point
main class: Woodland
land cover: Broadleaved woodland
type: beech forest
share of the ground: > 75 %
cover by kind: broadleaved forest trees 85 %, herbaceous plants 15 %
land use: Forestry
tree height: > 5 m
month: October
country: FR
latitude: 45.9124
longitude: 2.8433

....

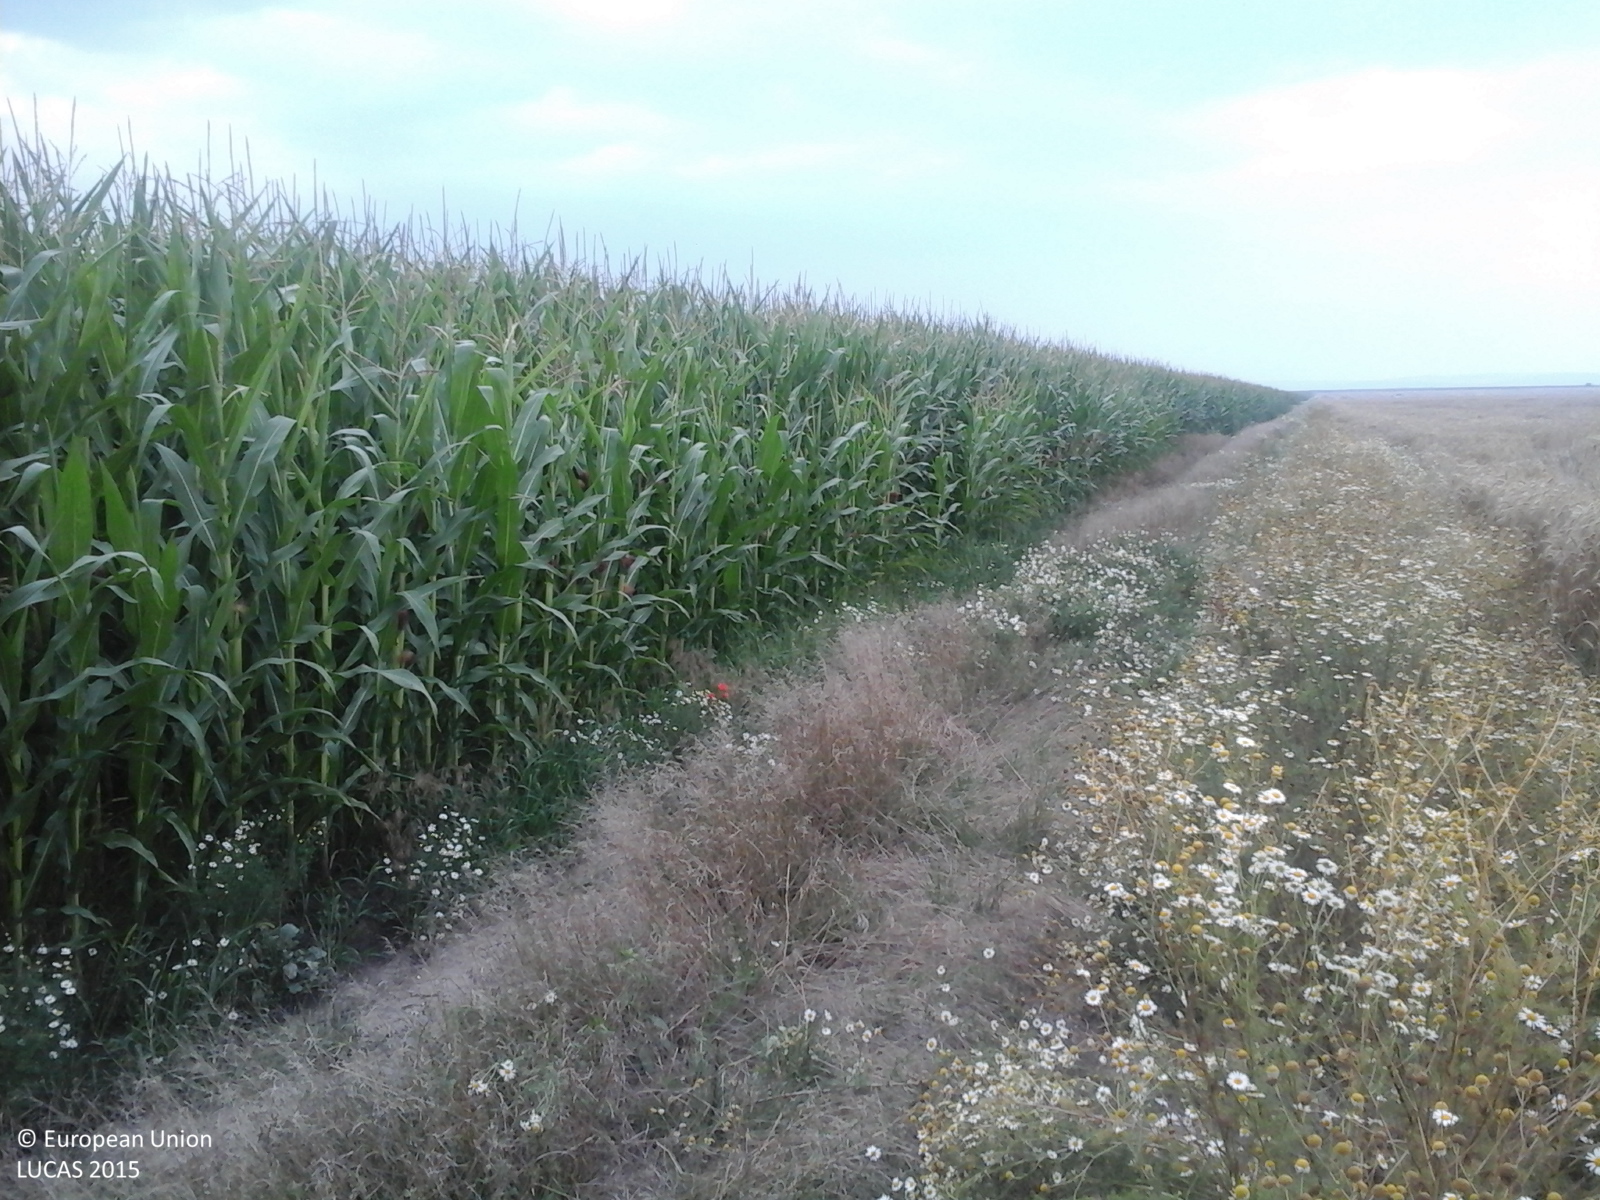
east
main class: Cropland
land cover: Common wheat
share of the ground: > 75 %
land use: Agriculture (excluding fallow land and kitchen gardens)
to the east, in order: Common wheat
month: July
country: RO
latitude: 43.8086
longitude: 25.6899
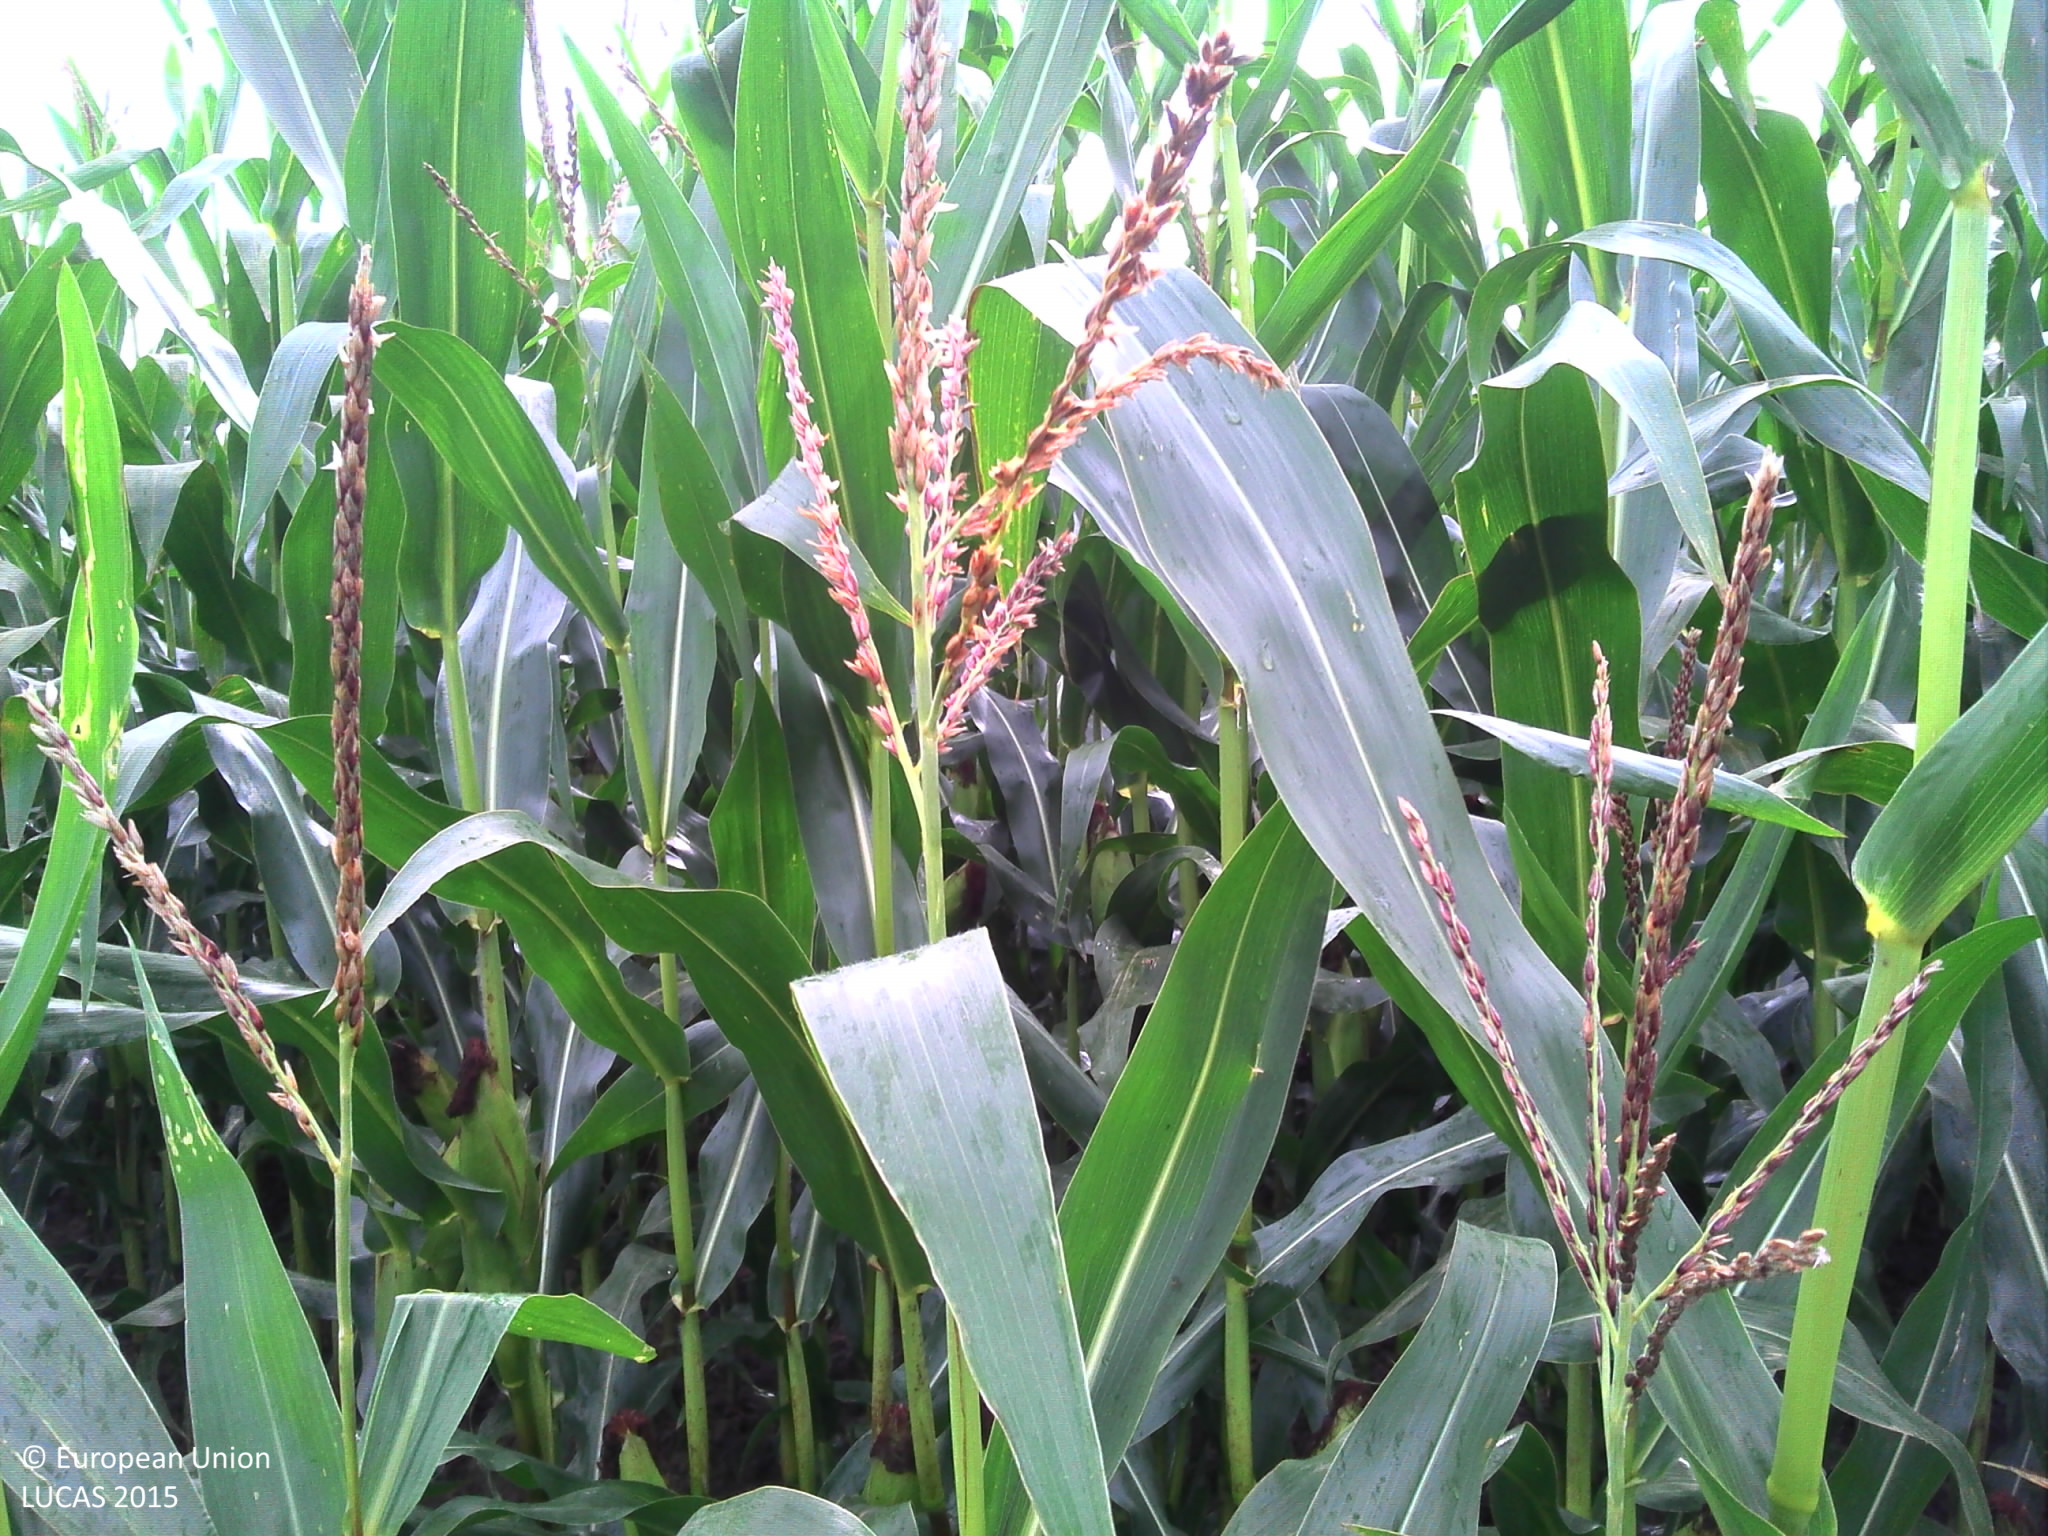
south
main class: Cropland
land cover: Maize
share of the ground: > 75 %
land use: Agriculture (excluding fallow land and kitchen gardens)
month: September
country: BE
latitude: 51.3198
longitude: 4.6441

....

◆ Action item ◆
Your task is to transcribe, with no changes, only the lines of the listing above that lie between the line holding "type: beech forest" and the line holding "longitude: 2.8433", inclusive.

◆ Expected output ◆
type: beech forest
share of the ground: > 75 %
cover by kind: broadleaved forest trees 85 %, herbaceous plants 15 %
land use: Forestry
tree height: > 5 m
month: October
country: FR
latitude: 45.9124
longitude: 2.8433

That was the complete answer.